# Hierarchical clustering with hclust

The stats package provides the hclust function to perform hierarchical clustering.

# Example 1 - Basic use of hclust, display of dendrogram, plot clusters

The cluster library contains the ruspini data - a standard set of data for illustrating cluster analysis.


   library(cluster)                ## to get the ruspini data
    plot(ruspini, asp=1, pch=20)    ## take a look at the data

Ruspini Data (opens new window)

hclust expects a distance matrix, not the original data. We compute the tree using the default parameters and display it. The hang parameter lines up all of the leaves of the tree along the baseline.


   ruspini_hc_defaults <- hclust(dist(ruspini))
    dend <- as.dendrogram(ruspini_hc_defaults)
    if(!require(dendextend)) install.packages("dendextend"); library(dendextend)
    dend <- color_branches(dend, k = 4) 
    plot(dend)

enter image description here (opens new window)

Cut the tree to give four clusters and replot the data coloring the points by cluster. k is the desired number of clusters.


   rhc_def_4 = cutree(ruspini_hc_defaults,k=4)
    plot(ruspini, pch=20, asp=1, col=rhc_def_4)

Ruspini data - first clustering (opens new window)

This clustering is a little odd. We can get a better clustering by scaling the data first.


   scaled_ruspini_hc_defaults = hclust(dist(scale(ruspini)))
    srhc_def_4 = cutree(scaled_ruspini_hc_defaults,4)
    plot(ruspini, pch=20, asp=1, col=srhc_def_4)

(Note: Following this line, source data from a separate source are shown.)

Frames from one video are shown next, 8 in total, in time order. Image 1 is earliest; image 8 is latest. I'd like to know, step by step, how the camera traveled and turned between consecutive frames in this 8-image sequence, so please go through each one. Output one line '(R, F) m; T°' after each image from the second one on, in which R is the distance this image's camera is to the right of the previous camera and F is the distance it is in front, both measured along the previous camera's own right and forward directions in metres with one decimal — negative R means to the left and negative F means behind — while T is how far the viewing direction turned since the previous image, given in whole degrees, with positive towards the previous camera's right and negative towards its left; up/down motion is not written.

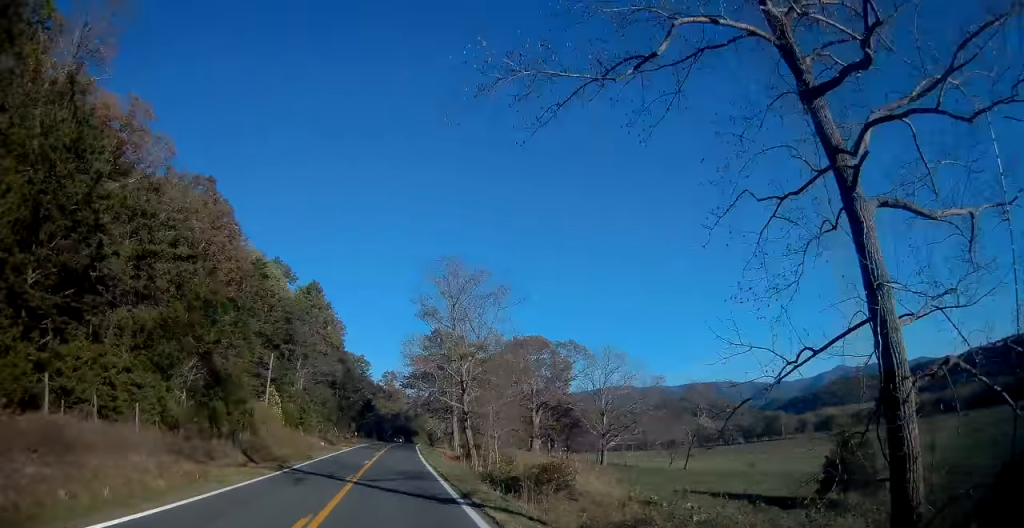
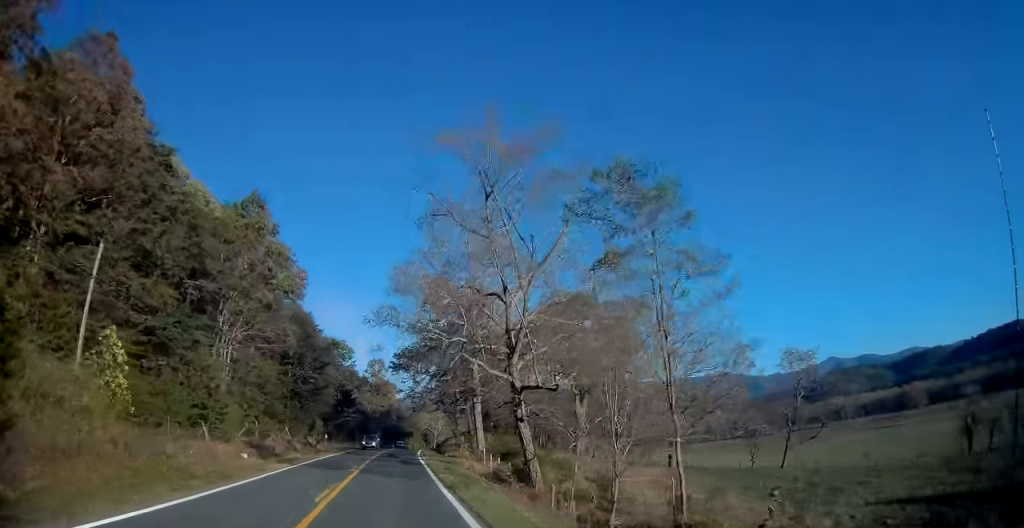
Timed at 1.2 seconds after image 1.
(0.0, +30.8) m; +1°
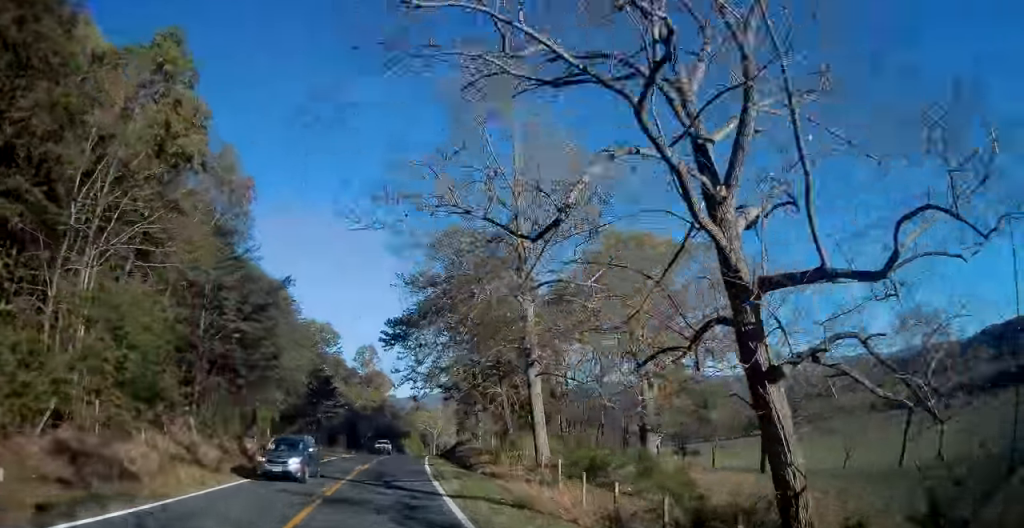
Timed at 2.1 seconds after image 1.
(+0.4, +23.1) m; +1°
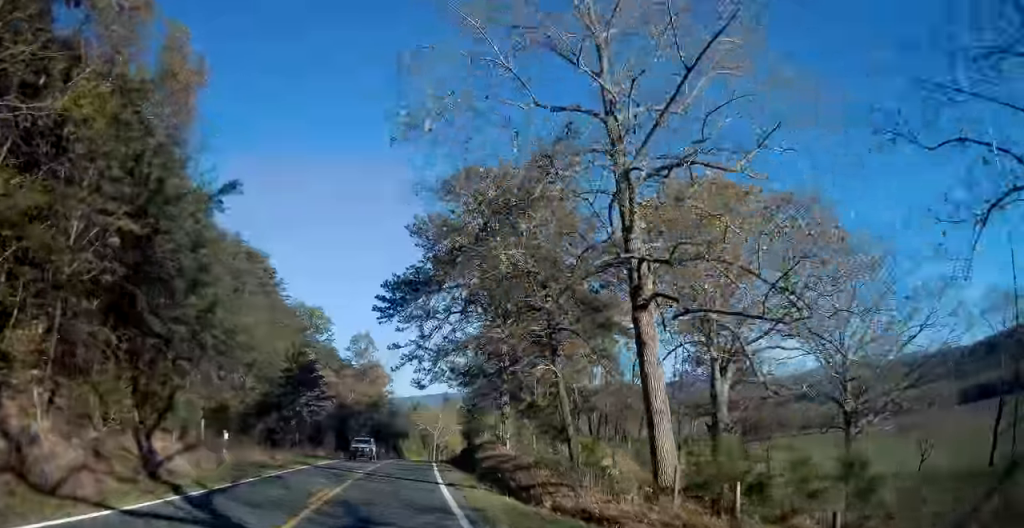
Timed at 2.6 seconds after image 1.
(+0.1, +13.7) m; 0°
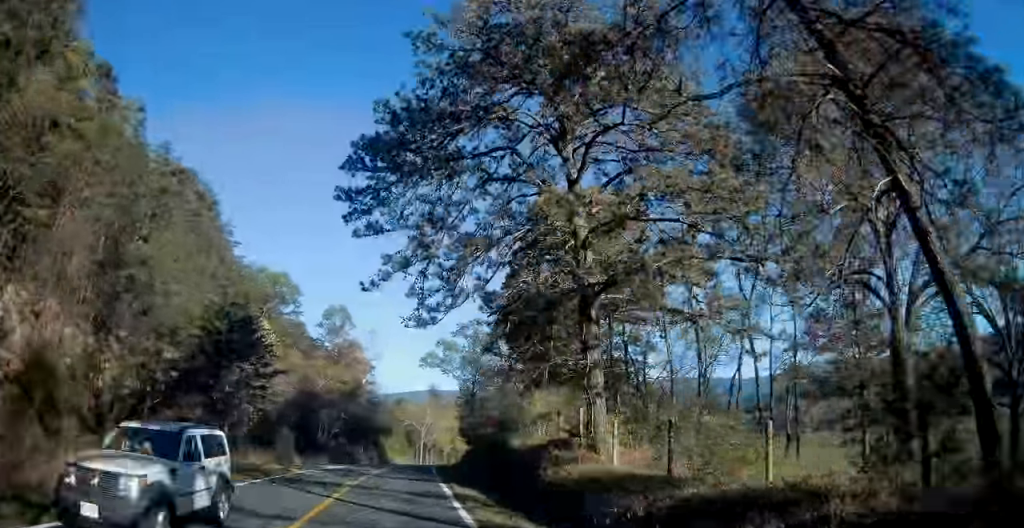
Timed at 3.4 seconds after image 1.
(0.0, +20.4) m; +1°
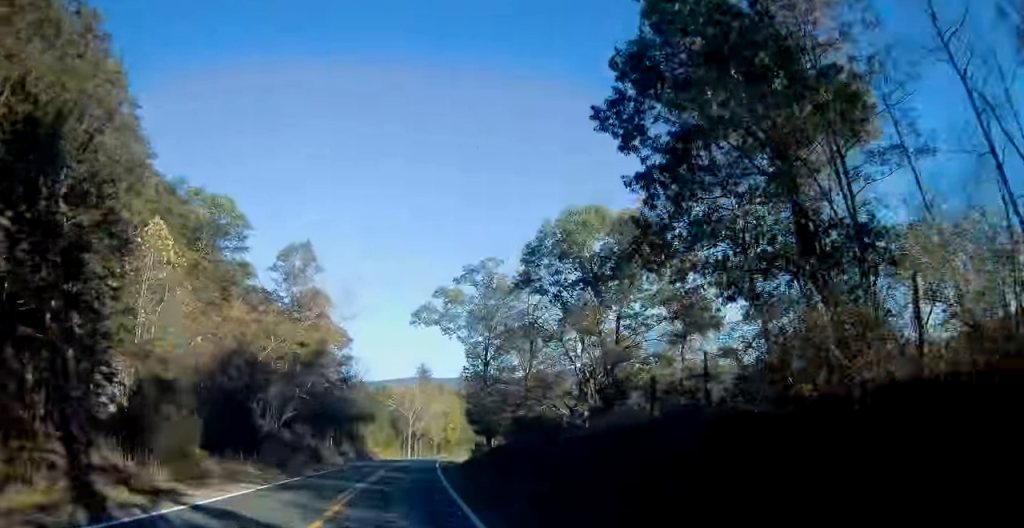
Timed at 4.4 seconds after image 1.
(+0.2, +24.9) m; +1°
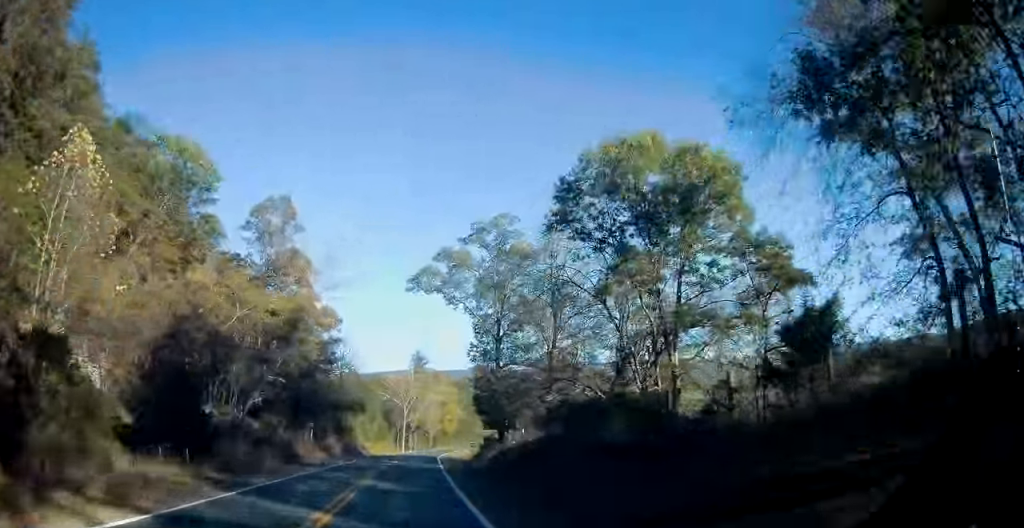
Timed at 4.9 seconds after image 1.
(+0.1, +10.6) m; +1°
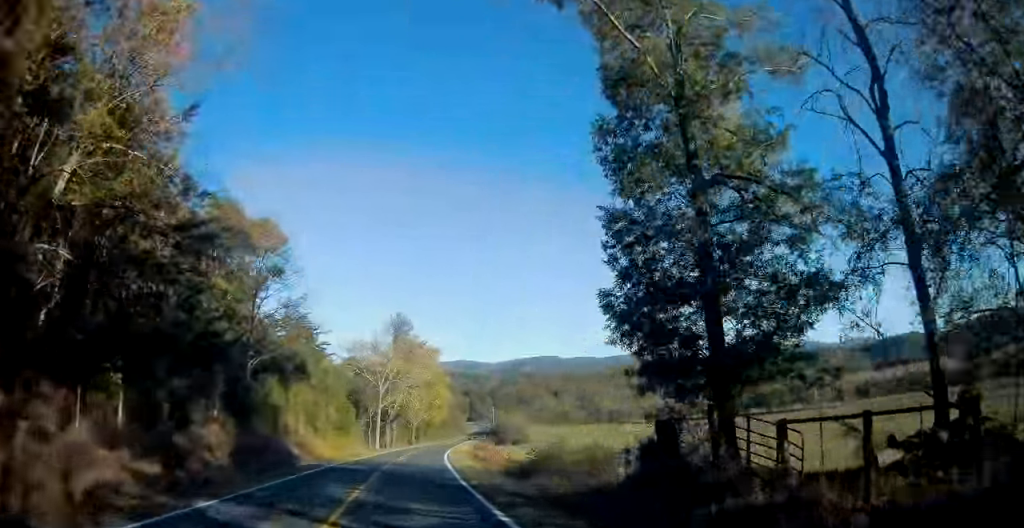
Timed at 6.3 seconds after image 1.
(+1.1, +36.1) m; +4°

Scaled Ruspini data - clustered (opens new window)

The default dissimilarity measure for comparing clusters is "complete". You can specify a different measure with the method parameter.


   ruspini_hc_single = hclust(dist(ruspini), method="single")

# Example 2 - hclust and outliers

With hierarchical clustering, outliers often show up as one-point clusters.

Generate three Gaussian distributions to illustrate the effect of outliers.


   set.seed(656)
    x = c(rnorm(150, 0, 1), rnorm(150,9,1), rnorm(150,4.5,1))
    y = c(rnorm(150, 0, 1), rnorm(150,0,1), rnorm(150,5,1))
    XYdf = data.frame(x,y)
    plot(XYdf, pch=20)

Test Data (opens new window)

Build the cluster structure, split it into three cluster.


   XY_sing = hclust(dist(XYdf), method="single")
    XYs3 = cutree(XY_sing,k=3)
    table(XYs3)
    XYs3
      1   2   3 
    448   1   1 

hclust found two outliers and put everything else into one big cluster. To get the "real" clusters, you may need to set k higher.


   XYs6 = cutree(XY_sing,k=6)
    table(XYs6)
    XYs6
      1   2   3   4   5   6 
    148 150   1 149   1   1 
    plot(XYdf, pch=20, col=XYs6)

Test data clustered - 3 Outliers & 3 large clusters (opens new window)

This StackOverflow post (opens new window) has some guidance on how to pick the number of clusters, but be aware of this behavior in hierarchical clustering.

# Remarks

Besides hclust, other methods are available, see the CRAN Package View on Clustering (opens new window).